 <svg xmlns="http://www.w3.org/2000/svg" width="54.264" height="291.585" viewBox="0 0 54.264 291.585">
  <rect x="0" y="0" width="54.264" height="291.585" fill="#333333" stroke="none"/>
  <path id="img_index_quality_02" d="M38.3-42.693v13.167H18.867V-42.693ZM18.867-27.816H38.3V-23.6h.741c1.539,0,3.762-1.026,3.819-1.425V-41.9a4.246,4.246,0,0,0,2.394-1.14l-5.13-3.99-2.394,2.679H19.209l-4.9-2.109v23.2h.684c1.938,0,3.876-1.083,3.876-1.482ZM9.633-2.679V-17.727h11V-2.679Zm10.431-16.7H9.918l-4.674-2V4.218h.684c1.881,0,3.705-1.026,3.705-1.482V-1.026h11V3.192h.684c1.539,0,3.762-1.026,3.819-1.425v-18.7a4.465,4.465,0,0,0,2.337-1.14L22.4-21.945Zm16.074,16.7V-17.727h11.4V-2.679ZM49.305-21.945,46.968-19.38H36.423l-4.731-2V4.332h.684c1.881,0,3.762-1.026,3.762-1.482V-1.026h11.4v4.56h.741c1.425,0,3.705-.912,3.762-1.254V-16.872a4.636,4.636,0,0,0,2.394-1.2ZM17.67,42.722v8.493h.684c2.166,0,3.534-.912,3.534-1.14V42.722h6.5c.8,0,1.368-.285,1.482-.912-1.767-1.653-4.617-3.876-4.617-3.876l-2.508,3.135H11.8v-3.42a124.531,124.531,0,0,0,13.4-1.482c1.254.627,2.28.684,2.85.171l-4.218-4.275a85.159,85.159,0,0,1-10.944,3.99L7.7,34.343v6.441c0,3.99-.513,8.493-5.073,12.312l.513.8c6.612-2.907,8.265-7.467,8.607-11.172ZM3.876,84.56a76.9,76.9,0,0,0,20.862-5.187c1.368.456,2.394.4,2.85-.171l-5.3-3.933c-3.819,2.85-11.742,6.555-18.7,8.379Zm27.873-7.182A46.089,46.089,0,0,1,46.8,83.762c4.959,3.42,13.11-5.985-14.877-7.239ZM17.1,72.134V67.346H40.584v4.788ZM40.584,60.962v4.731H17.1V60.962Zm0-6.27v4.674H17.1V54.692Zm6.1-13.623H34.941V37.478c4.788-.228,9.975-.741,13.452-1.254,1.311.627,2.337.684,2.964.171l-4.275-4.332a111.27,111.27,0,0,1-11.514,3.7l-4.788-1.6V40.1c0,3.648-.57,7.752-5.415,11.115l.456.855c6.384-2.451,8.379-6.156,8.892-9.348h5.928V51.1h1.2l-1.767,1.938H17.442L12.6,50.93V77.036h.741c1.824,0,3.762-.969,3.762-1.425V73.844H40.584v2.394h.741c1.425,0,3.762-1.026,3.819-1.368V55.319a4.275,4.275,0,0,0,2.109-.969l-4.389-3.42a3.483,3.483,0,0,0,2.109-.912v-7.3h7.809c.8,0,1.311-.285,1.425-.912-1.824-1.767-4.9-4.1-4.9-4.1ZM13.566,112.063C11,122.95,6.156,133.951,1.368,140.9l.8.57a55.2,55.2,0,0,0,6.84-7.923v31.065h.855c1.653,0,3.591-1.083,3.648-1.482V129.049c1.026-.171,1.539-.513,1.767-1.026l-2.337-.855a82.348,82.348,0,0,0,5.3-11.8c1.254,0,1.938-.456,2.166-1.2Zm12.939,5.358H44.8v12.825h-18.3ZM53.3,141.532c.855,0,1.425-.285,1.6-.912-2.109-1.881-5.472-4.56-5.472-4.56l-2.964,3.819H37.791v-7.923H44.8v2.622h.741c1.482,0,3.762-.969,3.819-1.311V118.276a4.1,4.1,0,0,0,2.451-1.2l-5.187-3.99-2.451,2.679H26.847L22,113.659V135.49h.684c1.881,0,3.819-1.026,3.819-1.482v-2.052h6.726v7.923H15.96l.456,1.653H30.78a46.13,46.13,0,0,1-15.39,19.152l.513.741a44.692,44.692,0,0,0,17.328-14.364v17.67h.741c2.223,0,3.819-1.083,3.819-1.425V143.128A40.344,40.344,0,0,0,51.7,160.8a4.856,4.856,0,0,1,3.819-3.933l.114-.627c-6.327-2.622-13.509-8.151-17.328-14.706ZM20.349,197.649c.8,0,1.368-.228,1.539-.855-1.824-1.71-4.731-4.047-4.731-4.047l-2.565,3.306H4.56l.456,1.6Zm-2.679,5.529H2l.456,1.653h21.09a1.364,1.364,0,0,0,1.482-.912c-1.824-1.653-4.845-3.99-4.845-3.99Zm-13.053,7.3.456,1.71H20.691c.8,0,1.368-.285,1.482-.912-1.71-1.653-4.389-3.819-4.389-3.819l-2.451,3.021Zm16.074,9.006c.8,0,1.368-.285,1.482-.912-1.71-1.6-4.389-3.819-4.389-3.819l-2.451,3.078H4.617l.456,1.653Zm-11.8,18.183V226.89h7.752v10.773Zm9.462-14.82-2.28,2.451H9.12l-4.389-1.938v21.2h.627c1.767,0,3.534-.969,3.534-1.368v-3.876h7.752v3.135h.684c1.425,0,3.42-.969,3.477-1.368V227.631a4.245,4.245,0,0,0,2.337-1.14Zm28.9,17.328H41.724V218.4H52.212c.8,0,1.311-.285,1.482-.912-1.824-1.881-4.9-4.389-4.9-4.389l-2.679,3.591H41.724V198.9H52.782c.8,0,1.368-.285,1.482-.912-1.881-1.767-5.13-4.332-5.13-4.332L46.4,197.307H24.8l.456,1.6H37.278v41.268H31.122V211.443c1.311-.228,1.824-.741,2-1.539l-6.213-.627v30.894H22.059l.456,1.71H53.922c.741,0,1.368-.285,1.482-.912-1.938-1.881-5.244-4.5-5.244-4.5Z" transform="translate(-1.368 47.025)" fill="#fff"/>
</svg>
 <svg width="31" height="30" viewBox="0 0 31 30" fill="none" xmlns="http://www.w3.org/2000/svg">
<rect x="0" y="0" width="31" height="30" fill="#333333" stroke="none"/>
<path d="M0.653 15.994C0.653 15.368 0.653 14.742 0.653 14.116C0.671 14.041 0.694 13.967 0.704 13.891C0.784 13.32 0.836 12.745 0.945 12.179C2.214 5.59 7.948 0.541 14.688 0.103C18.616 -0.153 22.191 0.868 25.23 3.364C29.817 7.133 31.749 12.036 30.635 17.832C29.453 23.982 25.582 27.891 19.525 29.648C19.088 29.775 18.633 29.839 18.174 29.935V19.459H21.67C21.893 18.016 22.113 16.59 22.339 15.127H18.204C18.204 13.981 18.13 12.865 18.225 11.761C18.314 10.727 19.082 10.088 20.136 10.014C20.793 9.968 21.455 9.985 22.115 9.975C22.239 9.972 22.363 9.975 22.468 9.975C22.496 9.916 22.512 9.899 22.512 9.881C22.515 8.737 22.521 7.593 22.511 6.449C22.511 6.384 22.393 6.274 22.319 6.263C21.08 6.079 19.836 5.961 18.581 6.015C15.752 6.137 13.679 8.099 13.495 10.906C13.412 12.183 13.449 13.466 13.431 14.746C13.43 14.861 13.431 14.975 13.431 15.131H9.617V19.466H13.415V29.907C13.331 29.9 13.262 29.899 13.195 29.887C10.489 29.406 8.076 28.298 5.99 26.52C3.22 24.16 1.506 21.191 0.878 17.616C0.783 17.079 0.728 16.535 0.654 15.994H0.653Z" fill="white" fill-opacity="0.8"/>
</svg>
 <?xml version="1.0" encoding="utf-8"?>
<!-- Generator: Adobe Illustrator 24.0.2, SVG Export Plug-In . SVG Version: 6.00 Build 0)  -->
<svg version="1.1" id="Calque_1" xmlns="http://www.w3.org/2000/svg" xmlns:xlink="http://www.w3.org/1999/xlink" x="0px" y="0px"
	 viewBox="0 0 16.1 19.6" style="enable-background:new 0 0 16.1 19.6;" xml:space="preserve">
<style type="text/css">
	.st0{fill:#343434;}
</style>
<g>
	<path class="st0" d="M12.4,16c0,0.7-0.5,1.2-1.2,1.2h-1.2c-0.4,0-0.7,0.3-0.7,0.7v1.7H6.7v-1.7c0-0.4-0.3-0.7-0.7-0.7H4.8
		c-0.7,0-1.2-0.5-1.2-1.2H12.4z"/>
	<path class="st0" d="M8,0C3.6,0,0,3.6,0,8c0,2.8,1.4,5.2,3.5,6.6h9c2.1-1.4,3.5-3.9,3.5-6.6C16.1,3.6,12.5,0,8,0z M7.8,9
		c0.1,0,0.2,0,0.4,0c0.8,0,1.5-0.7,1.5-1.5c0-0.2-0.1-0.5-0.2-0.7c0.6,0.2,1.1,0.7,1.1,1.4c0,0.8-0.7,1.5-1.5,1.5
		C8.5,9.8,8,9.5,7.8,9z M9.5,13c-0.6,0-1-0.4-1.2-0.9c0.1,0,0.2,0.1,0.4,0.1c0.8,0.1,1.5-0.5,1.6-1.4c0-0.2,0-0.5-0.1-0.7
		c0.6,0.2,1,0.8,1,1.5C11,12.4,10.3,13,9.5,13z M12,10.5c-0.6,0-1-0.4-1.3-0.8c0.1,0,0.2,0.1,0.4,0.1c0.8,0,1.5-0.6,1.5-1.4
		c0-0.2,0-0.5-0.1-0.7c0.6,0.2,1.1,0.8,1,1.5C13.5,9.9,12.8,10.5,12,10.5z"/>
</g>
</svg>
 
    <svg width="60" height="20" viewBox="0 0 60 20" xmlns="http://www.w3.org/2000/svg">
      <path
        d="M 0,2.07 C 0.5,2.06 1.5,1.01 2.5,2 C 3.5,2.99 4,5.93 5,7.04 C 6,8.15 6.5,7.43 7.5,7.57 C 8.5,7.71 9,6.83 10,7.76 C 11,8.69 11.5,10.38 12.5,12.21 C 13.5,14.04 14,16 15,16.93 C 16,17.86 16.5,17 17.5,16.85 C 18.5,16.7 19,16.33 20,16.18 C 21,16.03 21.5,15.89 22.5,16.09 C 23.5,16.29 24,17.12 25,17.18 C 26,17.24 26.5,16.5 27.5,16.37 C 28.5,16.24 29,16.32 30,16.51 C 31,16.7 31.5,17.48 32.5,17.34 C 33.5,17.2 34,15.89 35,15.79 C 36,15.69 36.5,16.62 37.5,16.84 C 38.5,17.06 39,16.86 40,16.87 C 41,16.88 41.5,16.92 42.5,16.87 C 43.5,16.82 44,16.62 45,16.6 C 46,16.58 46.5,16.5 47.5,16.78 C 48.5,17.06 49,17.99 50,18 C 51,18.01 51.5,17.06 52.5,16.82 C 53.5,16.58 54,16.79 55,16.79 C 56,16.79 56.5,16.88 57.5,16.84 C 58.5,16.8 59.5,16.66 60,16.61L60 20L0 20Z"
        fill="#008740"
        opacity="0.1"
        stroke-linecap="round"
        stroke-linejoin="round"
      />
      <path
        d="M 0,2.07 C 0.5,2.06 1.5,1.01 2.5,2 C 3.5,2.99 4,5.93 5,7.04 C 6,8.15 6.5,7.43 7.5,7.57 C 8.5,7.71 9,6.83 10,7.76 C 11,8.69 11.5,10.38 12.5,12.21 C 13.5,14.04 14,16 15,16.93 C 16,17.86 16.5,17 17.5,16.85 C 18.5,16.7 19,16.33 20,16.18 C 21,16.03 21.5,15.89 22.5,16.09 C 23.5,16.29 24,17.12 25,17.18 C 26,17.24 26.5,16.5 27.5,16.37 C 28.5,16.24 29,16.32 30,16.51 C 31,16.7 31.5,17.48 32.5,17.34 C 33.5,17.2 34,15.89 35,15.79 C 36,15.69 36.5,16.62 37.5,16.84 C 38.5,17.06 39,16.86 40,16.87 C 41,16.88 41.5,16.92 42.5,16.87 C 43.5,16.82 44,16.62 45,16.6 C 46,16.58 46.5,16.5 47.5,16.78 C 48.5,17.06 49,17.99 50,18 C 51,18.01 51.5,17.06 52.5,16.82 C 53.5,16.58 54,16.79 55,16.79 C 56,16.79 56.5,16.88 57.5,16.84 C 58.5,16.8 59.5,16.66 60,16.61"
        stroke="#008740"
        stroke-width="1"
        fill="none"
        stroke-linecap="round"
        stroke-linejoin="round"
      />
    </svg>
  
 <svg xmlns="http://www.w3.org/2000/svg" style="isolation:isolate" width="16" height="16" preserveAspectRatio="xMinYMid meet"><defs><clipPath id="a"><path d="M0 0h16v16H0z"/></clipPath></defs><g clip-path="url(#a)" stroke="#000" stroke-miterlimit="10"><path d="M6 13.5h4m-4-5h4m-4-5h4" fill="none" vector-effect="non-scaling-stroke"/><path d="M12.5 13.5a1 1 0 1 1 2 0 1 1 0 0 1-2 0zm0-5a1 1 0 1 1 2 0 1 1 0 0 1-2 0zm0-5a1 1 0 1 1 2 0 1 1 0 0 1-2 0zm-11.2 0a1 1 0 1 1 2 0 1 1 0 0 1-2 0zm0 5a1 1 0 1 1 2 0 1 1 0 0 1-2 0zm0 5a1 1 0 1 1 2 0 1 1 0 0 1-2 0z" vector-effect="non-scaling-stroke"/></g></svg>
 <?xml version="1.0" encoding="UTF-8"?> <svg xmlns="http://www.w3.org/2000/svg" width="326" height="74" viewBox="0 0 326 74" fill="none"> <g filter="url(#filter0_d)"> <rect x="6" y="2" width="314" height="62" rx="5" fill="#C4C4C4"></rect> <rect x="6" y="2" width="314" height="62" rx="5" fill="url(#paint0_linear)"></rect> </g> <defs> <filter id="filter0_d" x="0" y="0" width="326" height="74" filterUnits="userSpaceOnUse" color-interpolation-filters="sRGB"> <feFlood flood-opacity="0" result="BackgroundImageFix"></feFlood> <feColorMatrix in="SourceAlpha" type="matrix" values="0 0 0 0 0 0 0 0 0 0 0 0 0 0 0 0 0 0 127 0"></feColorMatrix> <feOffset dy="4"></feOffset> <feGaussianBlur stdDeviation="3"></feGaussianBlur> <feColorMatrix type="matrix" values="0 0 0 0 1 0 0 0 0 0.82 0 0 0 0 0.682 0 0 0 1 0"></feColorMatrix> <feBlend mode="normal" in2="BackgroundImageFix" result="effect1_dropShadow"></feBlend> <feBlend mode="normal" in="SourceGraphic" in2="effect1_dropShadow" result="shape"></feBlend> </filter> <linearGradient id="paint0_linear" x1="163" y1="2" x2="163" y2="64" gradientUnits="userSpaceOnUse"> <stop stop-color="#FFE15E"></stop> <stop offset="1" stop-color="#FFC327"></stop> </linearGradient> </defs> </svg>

### Work to complete
Every line above that holds the word "http" needs to be copied.

### Response to the task
 <svg xmlns="http://www.w3.org/2000/svg" width="54.264" height="291.585" viewBox="0 0 54.264 291.585">
 <svg width="31" height="30" viewBox="0 0 31 30" fill="none" xmlns="http://www.w3.org/2000/svg">
<svg version="1.1" id="Calque_1" xmlns="http://www.w3.org/2000/svg" xmlns:xlink="http://www.w3.org/1999/xlink" x="0px" y="0px"
    <svg width="60" height="20" viewBox="0 0 60 20" xmlns="http://www.w3.org/2000/svg">
 <svg xmlns="http://www.w3.org/2000/svg" style="isolation:isolate" width="16" height="16" preserveAspectRatio="xMinYMid meet"><defs><clipPath id="a"><path d="M0 0h16v16H0z"/></clipPath></defs><g clip-path="url(#a)" stroke="#000" stroke-miterlimit="10"><path d="M6 13.5h4m-4-5h4m-4-5h4" fill="none" vector-effect="non-scaling-stroke"/><path d="M12.5 13.5a1 1 0 1 1 2 0 1 1 0 0 1-2 0zm0-5a1 1 0 1 1 2 0 1 1 0 0 1-2 0zm0-5a1 1 0 1 1 2 0 1 1 0 0 1-2 0zm-11.2 0a1 1 0 1 1 2 0 1 1 0 0 1-2 0zm0 5a1 1 0 1 1 2 0 1 1 0 0 1-2 0zm0 5a1 1 0 1 1 2 0 1 1 0 0 1-2 0z" vector-effect="non-scaling-stroke"/></g></svg>
 <?xml version="1.0" encoding="UTF-8"?> <svg xmlns="http://www.w3.org/2000/svg" width="326" height="74" viewBox="0 0 326 74" fill="none"> <g filter="url(#filter0_d)"> <rect x="6" y="2" width="314" height="62" rx="5" fill="#C4C4C4"></rect> <rect x="6" y="2" width="314" height="62" rx="5" fill="url(#paint0_linear)"></rect> </g> <defs> <filter id="filter0_d" x="0" y="0" width="326" height="74" filterUnits="userSpaceOnUse" color-interpolation-filters="sRGB"> <feFlood flood-opacity="0" result="BackgroundImageFix"></feFlood> <feColorMatrix in="SourceAlpha" type="matrix" values="0 0 0 0 0 0 0 0 0 0 0 0 0 0 0 0 0 0 127 0"></feColorMatrix> <feOffset dy="4"></feOffset> <feGaussianBlur stdDeviation="3"></feGaussianBlur> <feColorMatrix type="matrix" values="0 0 0 0 1 0 0 0 0 0.82 0 0 0 0 0.682 0 0 0 1 0"></feColorMatrix> <feBlend mode="normal" in2="BackgroundImageFix" result="effect1_dropShadow"></feBlend> <feBlend mode="normal" in="SourceGraphic" in2="effect1_dropShadow" result="shape"></feBlend> </filter> <linearGradient id="paint0_linear" x1="163" y1="2" x2="163" y2="64" gradientUnits="userSpaceOnUse"> <stop stop-color="#FFE15E"></stop> <stop offset="1" stop-color="#FFC327"></stop> </linearGradient> </defs> </svg>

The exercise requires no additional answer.